2 調查問卷 制定并修繕審核“慢阻肺、哮喘回訪調查問卷”,內容包括四方面,問詢2020年1月15日~3月15日期間的患者情況。第一方面為患者基本信息(姓名、性別、年齡、民族、職業、學歷);第二方面為疾病診療信息(診斷、病程、使用藥物、療程、吸煙史、癥狀/控制評分、加重/發作史),依據GOLD[3]及GINA指南[4],慢阻肺患者癥狀評分采用英國醫學研究委員會(MRC)呼吸困難量表和慢性阻塞性肺疾病評估測試(CAT),MRC≥2級或CAT≥10分(取較高值)為多癥狀組(B組、D組),反之為少癥狀組(A組、C組),既往1年內急性加重≥2次或住院>1次為高加重風險組(C組、D組),反之為低加重風險組(A組、B組);哮喘患者采用哮喘控制測試問卷(ACT),得分5~25分,25分為良好控制、20~24分為部分控制、<20分為未控制;第三方面為治療依從性,采用電話詢問結合查閱門診病歷、配藥記錄的方式,調查患者平時吸入用藥的依從性及近2月疫情影響期間的吸入治療依從性,按時按量定義為良好,間斷或停藥,定義為欠佳,其次包括漱口、隨訪地點、醫生督促用藥的情況;第四方面為近2月——2020年1月15日~3月15日疫情影響期間的可能不良情緒,由于采用電話回訪的調查方式,為縮短問卷時間,提高受訪者依從度,避免對某些敏感話題(如自殺傾向等)的不接受,我們從焦慮自評量表(SAS)、抑郁自評量表(SDS)中分別篩選了若干條具有代表性的問題,作為評判是否合并可能不良情緒的標準:(一)可能焦慮(1、覺得比平常容易緊張著急,2、容易心里煩亂或驚恐,3、感覺容易衰弱和疲乏/乏力),(二)可能抑郁(1、感到情緒沮喪郁悶,2、經常睡眠不好、早醒)。
通過問卷電話調研受調查患者的用藥頻次、劑量,結合查詢患者的門診處方、領藥信息,根據公式:劑量依從性( %) =每月劑量正確的用藥天數/30天 × 100%,計算患者使用吸入等藥物的劑量依從性情況: 劑量依從性> 80%,則認為依從性好,反之則欠佳[5]。
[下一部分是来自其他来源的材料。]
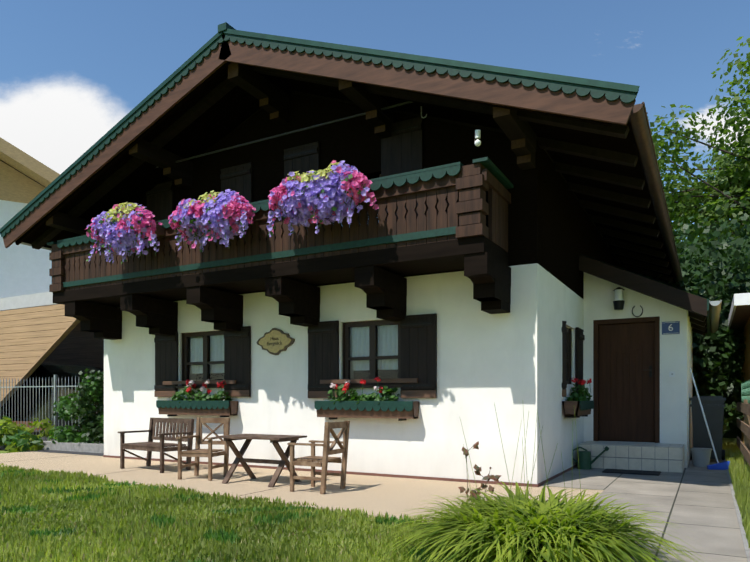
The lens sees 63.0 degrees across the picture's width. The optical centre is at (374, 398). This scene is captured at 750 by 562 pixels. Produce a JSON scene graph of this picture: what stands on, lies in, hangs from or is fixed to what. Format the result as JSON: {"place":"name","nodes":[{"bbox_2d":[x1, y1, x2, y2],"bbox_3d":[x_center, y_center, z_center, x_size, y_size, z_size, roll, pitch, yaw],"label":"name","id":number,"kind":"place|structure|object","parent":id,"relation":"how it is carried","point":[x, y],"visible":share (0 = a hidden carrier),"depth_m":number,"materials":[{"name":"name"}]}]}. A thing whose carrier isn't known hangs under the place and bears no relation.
{"place":"outdoors","nodes":[
{"label":"outdoors","id":0,"kind":"place"},
{"bbox_2d":[0,292,103,455],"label":"neighbour garage","id":1,"kind":"structure","parent":0,"point":[37,330],"depth_m":15.80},
{"bbox_2d":[0,82,125,173],"bbox_3d":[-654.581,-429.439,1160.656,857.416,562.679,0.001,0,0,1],"label":"cloud","id":2,"kind":"structure","parent":0,"point":[59,127],"depth_m":1159.89,"materials":[{"name":"white"}]},
{"bbox_2d":[0,430,595,561],"bbox_3d":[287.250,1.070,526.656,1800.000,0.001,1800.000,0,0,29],"label":"lawn","id":3,"kind":"structure","parent":0,"point":[3,451],"depth_m":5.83,"materials":[{"name":"green plant"}]},
{"bbox_2d":[0,137,59,297],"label":"neighbour house","id":4,"kind":"structure","parent":3,"relation":"on","point":[25,179],"depth_m":21.67,"materials":[{"name":"white paint"}]},
{"bbox_2d":[0,416,79,452],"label":"shrubs","id":5,"kind":"object","parent":3,"relation":"on","point":[21,437],"visible":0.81,"depth_m":12.55,"materials":[{"name":"green plant"}]},
{"bbox_2d":[0,375,100,440],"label":"metal railing fence","id":6,"kind":"object","parent":3,"relation":"on","point":[55,386],"visible":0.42,"depth_m":13.81,"materials":[{"name":"grey metal"}]},
{"bbox_2d":[1,363,103,432],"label":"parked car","id":7,"kind":"object","parent":3,"relation":"on","point":[48,371],"visible":0.19,"depth_m":16.27,"materials":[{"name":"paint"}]},
{"bbox_2d":[39,368,103,452],"bbox_3d":[-5.507,0.250,12.238,2.580,1.740,1.081,0,0,29],"label":"bush","id":8,"kind":"object","parent":3,"relation":"on","point":[88,438],"visible":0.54,"depth_m":12.15,"materials":[{"name":"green plant"}]},
{"bbox_2d":[458,441,500,508],"bbox_3d":[0.820,0.691,4.779,0.266,0.699,0.391,0,0,-23],"label":"plant","id":9,"kind":"object","parent":3,"relation":"on","point":[488,477],"visible":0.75,"depth_m":4.75,"materials":[{"name":"brown plant"}]},
{"bbox_2d":[541,447,749,561],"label":"path slabs","id":10,"kind":"structure","parent":3,"relation":"on","point":[700,504],"depth_m":5.97,"materials":[{"name":"concrete"}]},
{"bbox_2d":[573,446,608,469],"bbox_3d":[3.143,0.862,8.936,0.531,0.346,0.200,0,0,29],"label":"watering can","id":11,"kind":"object","parent":10,"relation":"on","point":[585,461],"visible":0.85,"depth_m":8.90,"materials":[{"name":"plastic"}]},
{"bbox_2d":[690,448,711,466],"bbox_3d":[4.946,0.898,9.285,0.296,0.273,0.289,0,0,29],"label":"bucket","id":12,"kind":"object","parent":10,"relation":"on","point":[701,457],"visible":0.94,"depth_m":9.19,"materials":[{"name":"plastic"}]},
{"bbox_2d":[690,396,725,459],"bbox_3d":[5.517,0.500,10.155,0.510,1.071,0.675,0,0,29],"label":"trash bin","id":13,"kind":"object","parent":10,"relation":"on","point":[713,407],"visible":0.75,"depth_m":9.89,"materials":[{"name":"plastic"}]},
{"bbox_2d":[639,191,749,438],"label":"dark hedge","id":14,"kind":"object","parent":3,"relation":"on","point":[718,270],"visible":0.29,"depth_m":13.99,"materials":[{"name":"green plant"}]},
{"bbox_2d":[648,36,749,243],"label":"lime tree","id":15,"kind":"object","parent":3,"relation":"on","point":[731,174],"visible":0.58,"depth_m":17.83,"materials":[{"name":"green plant"}]},
{"bbox_2d":[690,368,729,469],"bbox_3d":[4.886,0.323,8.930,0.532,1.531,0.106,0,0,18],"label":"yard broom","id":16,"kind":"object","parent":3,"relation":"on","point":[721,465],"visible":0.88,"depth_m":8.91,"materials":[{"name":"white paint"}]},
{"bbox_2d":[722,438,749,547],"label":"grass strip","id":17,"kind":"object","parent":3,"relation":"on","point":[739,471],"visible":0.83,"depth_m":7.44,"materials":[{"name":"green plant"}]},
{"bbox_2d":[737,379,749,465],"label":"timber fence","id":18,"kind":"object","parent":17,"relation":"on","point":[743,405],"visible":0.98,"depth_m":8.94,"materials":[{"name":"brown wood"}]},
{"bbox_2d":[728,293,749,441],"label":"neighbour shed","id":19,"kind":"structure","parent":3,"relation":"on","point":[739,315],"depth_m":12.24,"materials":[{"name":"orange wood"}]},
{"bbox_2d":[0,451,603,523],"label":"terrace paving","id":20,"kind":"structure","parent":0,"point":[376,493],"depth_m":7.42,"materials":[{"name":"stone"}]},
{"bbox_2d":[118,417,194,472],"bbox_3d":[-3.208,0.670,8.973,1.006,0.744,0.592,0,0,35],"label":"bench","id":21,"kind":"object","parent":20,"relation":"on","point":[149,446],"visible":0.98,"depth_m":9.02,"materials":[{"name":"brown wood"}]},
{"bbox_2d":[176,417,229,480],"bbox_3d":[-2.233,0.649,7.997,0.491,0.785,0.530,0,0,15],"label":"chair","id":22,"kind":"object","parent":20,"relation":"on","point":[197,452],"visible":0.96,"depth_m":8.11,"materials":[{"name":"brown wood"}]},
{"bbox_2d":[216,434,306,486],"bbox_3d":[-1.395,0.756,7.539,0.964,0.585,0.620,0,0,29],"label":"table","id":23,"kind":"object","parent":20,"relation":"on","point":[274,441],"visible":0.96,"depth_m":7.48,"materials":[{"name":"brown wood"}]},
{"bbox_2d":[287,421,349,493],"bbox_3d":[-0.630,0.649,6.917,0.543,0.785,0.508,0,0,29],"label":"chair","id":24,"kind":"object","parent":20,"relation":"on","point":[313,461],"visible":1,"depth_m":6.80,"materials":[{"name":"brown wood"}]},
{"bbox_2d":[104,94,623,483],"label":"chalet house","id":25,"kind":"structure","parent":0,"point":[509,365],"depth_m":8.18,"materials":[{"name":"white paint"}]},
{"bbox_2d":[257,328,294,354],"bbox_3d":[-1.463,-0.830,8.980,0.686,0.400,0.035,0,0,29],"label":"house name plaque","id":26,"kind":"object","parent":25,"relation":"attached to","point":[286,340],"visible":0.98,"depth_m":8.96,"materials":[{"name":"beige wood"}]},
{"bbox_2d":[267,337,281,344],"bbox_3d":[-1.469,-0.829,8.962,0.275,0.140,0.006,0,0,29],"label":"sign lettering","id":27,"kind":"object","parent":26,"relation":"attached to","point":[272,338],"visible":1,"depth_m":8.97},
{"bbox_2d":[47,157,513,339],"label":"balcony","id":28,"kind":"structure","parent":25,"relation":"attached to","point":[374,260],"depth_m":7.77,"materials":[{"name":"brown wood"}]},
{"bbox_2d":[23,65,676,286],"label":"house roof","id":29,"kind":"structure","parent":25,"relation":"attached to","point":[228,112],"depth_m":8.94,"materials":[{"name":"brown wood"}]},
{"bbox_2d":[0,22,639,247],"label":"house verge boards","id":30,"kind":"object","parent":29,"relation":"attached to","point":[600,102],"visible":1,"depth_m":7.03,"materials":[{"name":"brown wood"}]},
{"bbox_2d":[20,102,684,289],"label":"house gutters","id":31,"kind":"object","parent":29,"relation":"attached to","point":[640,129],"visible":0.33,"depth_m":7.42,"materials":[{"name":"brown metal"}]},
{"bbox_2d":[86,202,164,263],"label":"hanging flowers","id":32,"kind":"object","parent":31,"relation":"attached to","point":[120,228],"visible":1,"depth_m":8.56,"materials":[{"name":"purple plant"}]},
{"bbox_2d":[170,379,231,402],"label":"window box flowers","id":33,"kind":"object","parent":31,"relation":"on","point":[189,392],"visible":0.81,"depth_m":9.51,"materials":[{"name":"green plant"}]},
{"bbox_2d":[168,189,255,251],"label":"hanging flowers","id":34,"kind":"object","parent":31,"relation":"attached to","point":[227,215],"visible":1,"depth_m":7.75,"materials":[{"name":"purple plant"}]},
{"bbox_2d":[266,160,378,236],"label":"hanging flowers","id":35,"kind":"object","parent":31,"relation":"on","point":[316,197],"visible":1,"depth_m":6.95,"materials":[{"name":"purple plant"}]},
{"bbox_2d":[328,376,398,403],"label":"window box flowers","id":36,"kind":"object","parent":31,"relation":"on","point":[383,391],"visible":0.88,"depth_m":8.12,"materials":[{"name":"green plant"}]},
{"bbox_2d":[709,300,721,332],"bbox_3d":[5.741,-1.332,10.367,0.164,0.080,4.100,0,0,29],"label":"rain gutter","id":37,"kind":"object","parent":31,"relation":"attached to","point":[714,311],"visible":0.96,"depth_m":9.67,"materials":[{"name":"brown metal"}]},
{"bbox_2d":[31,62,674,286],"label":"house rafters","id":38,"kind":"object","parent":29,"relation":"attached to","point":[514,125],"visible":0.33,"depth_m":8.37,"materials":[{"name":"brown wood"}]},
{"bbox_2d":[146,101,593,420],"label":"shuttered windows","id":39,"kind":"structure","parent":25,"relation":"attached to","point":[402,355],"depth_m":8.52,"materials":[{"name":"brown wood"}]},
{"bbox_2d":[579,254,708,475],"bbox_3d":[4.596,-0.630,10.524,2.020,3.441,4.920,0,0,29],"label":"entrance porch","id":40,"kind":"object","parent":25,"relation":"attached to","point":[638,420],"visible":0.9,"depth_m":9.40,"materials":[{"name":"white paint"}]},
{"bbox_2d":[613,287,624,309],"bbox_3d":[3.758,-1.530,9.426,0.180,0.340,0.250,0,0,29],"label":"wall lamp","id":41,"kind":"object","parent":40,"relation":"attached to","point":[618,302],"visible":1,"depth_m":9.34,"materials":[{"name":"white glass"}]},
{"bbox_2d":[662,321,679,334],"bbox_3d":[4.438,-1.055,9.190,0.240,0.190,0.014,0,0,29],"label":"house number sign","id":42,"kind":"object","parent":40,"relation":"attached to","point":[675,325],"visible":1,"depth_m":9.18,"materials":[{"name":"blue metal"}]},
{"bbox_2d":[669,371,674,376],"bbox_3d":[4.454,-0.360,9.178,0.080,0.080,0.020,0,0,29],"label":"doorbell","id":43,"kind":"object","parent":40,"relation":"attached to","point":[672,374],"visible":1,"depth_m":9.17,"materials":[{"name":"white paint"}]},
{"bbox_2d":[0,0,749,283],"label":"sky","id":44,"kind":"structure","parent":0,"point":[121,50],"materials":[{"name":"blue"}]},
{"bbox_2d":[566,377,591,403],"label":"potted flowers","id":45,"kind":"object","parent":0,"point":[578,396],"visible":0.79,"depth_m":8.71,"materials":[{"name":"green plant"}]},
{"bbox_2d":[680,107,749,147],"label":"cloud","id":46,"kind":"structure","parent":0,"point":[699,126],"depth_m":1130.74,"materials":[{"name":"white"}]}
]}

由經過培訓的研究人員電話聯系,向被調查者說明調查的目的、要求,對患者或了解患者情況的家屬進行提問,如實認真填寫問卷。
應用SPSS 19.0軟件分析,非正態分布計量資料以中位數(四分位數間距)表示,組間比較采用wilcoxon秩和檢驗;計數資料以百分數表示,組間比較采用卡方檢驗,并將有統計學意義的因素進行單因素及多因素Logistic回歸分析。P<0.05為差異有統計學意義。
共查詢獲得慢性氣道疾病患者信息358例,其中慢阻肺患者191例、哮喘167例,因死亡排除32例,電話訪問326例,無人接聽55例,不配合調查53例,未能準確答復問卷信息者27例,獲得有效問卷191份(53.4%)。
2020年4月期間,電話回訪共收集到合格的調查問卷191份。受調查者中,男性占比59.2%,男女比例1.45 ∶1,漢族占99.5%,初中及以下學歷占66%,年齡20~90歲,平均65(58,73)歲,退休或無業者占62.3%,47.1%有吸煙史,成功戒煙者(曾吸煙已戒除)占總人數的34.0%,僅5.8%在專病或專家門診隨訪,28.8%的患者有2019年加重/急性發作就醫史。慢阻肺中,評估分組以B組居多(45.2%),MRC 2級及以上者占53.6%,CAT 9(3,13)分;哮喘中,ACT 23(20,24)分,良好控制率21.5%。穩定期治療包括單用吸入制劑(LAMA、LABA或ICS+LABA)、聯合吸入制劑(LAMA+ICS+LABA)、吸入制劑聯合口服藥(如乙酰半胱氨酸、茶堿、孟魯司特鈉),52.4%使用吸入藥時間≥48月,聯用藥者占52.4%。平日及近2月治療依從性良好者分別占62.8%、63.4%,依從性差的原因中最常見為自覺好轉(64.3%),其他如遺忘用藥或配藥、自覺吸不進/其他療法好、介意價格貴,近2月有11.4%的患者因擔心疫情未來醫院配藥。吸入藥后規律漱口者占58.1%。83.8%的患者選擇病情加重時去醫院就診,其中56.9%選擇原診治醫院。合并可能焦慮、抑郁情緒的患者均占48.2%,前者較常見表現有自覺乏力、情緒緊張,后者常見表現為睡眠不良。基線資料(見表1),近2月依從性差的原因分布(見圖1)。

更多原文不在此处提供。